# 12' valco build- "Good Enough"



## deadkitty (Aug 2, 2014)

So after my failed jet jon attempt, I gave my new to me valco the fixer upper treatment.
When I got it, the po had given it a fresh paint job (lousy) and of course that helped me see past its dents and bruises, and probably the worst thing : the lid cutouts in the benches were held in by 2 cent hinges, flimsy little things.
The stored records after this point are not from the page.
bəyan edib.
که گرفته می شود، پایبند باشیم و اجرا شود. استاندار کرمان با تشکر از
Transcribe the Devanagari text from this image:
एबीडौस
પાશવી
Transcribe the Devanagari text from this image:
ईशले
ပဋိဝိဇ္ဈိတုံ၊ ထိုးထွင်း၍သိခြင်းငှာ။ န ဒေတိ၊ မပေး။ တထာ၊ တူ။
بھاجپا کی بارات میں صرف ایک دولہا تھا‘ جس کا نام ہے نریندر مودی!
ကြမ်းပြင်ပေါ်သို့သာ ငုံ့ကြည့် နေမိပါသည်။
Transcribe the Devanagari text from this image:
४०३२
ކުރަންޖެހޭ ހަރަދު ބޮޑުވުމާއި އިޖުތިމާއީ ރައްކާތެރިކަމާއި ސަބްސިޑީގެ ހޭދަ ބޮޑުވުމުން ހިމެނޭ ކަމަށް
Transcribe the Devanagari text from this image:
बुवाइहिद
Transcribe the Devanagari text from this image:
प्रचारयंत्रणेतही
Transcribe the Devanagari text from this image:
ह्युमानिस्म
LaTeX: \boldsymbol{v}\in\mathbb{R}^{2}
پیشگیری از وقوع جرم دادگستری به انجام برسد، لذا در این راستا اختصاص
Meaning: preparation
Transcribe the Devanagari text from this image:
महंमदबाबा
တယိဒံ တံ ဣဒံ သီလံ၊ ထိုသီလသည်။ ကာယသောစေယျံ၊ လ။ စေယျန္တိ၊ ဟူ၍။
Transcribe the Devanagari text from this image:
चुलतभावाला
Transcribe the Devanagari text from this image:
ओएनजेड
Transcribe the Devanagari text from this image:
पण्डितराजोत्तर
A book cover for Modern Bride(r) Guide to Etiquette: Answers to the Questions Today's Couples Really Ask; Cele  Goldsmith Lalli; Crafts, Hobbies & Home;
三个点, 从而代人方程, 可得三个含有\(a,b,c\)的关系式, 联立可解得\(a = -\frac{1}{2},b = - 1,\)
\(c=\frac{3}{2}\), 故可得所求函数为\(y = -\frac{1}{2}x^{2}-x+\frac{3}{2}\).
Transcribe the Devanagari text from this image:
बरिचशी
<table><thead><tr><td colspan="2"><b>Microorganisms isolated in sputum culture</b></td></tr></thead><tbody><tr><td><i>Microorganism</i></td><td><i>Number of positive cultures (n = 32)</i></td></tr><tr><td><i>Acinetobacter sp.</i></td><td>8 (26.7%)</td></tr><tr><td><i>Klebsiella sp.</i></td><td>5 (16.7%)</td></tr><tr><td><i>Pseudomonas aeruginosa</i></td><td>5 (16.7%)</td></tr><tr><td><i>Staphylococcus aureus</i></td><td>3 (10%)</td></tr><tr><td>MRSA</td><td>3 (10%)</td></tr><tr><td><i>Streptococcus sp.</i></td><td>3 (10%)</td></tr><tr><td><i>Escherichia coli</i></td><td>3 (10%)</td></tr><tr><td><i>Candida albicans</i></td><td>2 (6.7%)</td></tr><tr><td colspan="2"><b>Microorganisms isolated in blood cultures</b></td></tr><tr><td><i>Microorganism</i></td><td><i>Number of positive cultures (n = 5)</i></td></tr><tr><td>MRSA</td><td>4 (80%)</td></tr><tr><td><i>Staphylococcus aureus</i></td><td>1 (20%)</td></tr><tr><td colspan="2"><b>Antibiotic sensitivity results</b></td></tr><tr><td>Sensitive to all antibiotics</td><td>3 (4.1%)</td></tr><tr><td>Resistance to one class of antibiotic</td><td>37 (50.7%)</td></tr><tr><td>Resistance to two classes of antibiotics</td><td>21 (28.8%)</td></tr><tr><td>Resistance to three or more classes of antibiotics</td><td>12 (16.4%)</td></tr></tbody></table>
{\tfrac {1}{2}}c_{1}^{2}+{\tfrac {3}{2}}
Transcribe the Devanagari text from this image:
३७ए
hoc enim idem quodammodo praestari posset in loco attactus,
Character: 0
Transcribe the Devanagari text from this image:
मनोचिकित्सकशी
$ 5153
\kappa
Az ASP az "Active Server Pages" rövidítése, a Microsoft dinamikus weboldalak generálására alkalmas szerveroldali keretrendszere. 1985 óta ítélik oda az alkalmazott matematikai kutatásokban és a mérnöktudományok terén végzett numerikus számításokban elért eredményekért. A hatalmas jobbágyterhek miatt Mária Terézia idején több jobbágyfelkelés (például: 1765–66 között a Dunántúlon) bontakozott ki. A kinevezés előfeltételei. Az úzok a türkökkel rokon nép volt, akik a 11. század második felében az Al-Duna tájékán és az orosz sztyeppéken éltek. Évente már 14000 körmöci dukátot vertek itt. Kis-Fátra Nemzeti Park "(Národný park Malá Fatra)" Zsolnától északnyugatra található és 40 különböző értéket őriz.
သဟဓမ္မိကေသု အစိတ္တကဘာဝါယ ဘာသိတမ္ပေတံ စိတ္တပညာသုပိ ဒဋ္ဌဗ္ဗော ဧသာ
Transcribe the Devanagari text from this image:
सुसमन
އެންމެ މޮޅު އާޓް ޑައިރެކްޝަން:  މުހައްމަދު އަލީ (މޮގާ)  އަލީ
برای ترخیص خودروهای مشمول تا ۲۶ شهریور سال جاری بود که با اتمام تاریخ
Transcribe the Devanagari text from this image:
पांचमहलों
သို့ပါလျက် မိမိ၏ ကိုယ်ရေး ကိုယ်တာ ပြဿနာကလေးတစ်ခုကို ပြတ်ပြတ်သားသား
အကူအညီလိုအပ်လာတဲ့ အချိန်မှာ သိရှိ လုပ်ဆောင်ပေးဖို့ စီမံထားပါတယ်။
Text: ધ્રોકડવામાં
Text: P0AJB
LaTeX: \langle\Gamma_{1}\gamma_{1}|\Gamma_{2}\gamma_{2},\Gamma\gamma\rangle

Anyway, after a few fishing trips the each bench lid had either broken, fallen in on itself or just plain became a board hanging out near the bench....
DAY 1 pics:







Well to my wife's dismay of me starting another project the bench teardown began back in may:



Then came figuring out how to put new ones in... I am not the most skilled handyman, but hopefully good enough to complete this project or I will be sorely lacking a fishing vessel...




The worst thing to cut out evar.........



Finally got it close enough to where I was happy with it:



Added some storage lids :



And some cover up of some not so straight cutting, lol:



another least favorite thing to do... painting, 2 coats red, 2 coats spar urethane. Will be adding one more urethane coat once installed in the boat too...


----------



## deadkitty (Aug 2, 2014)

Family decided to go out of town, and I had been boatless for 2 months, so I took advantage and turned it up a notch to knock this sucker out and at least make it fisheable again. The following was completed in three days.

The floor paint was cracking and it was black which made it a million degrees to your feet in the hot summer sun. So I went a bought a quart of silver textured rustoleum and went to town, nice and thick.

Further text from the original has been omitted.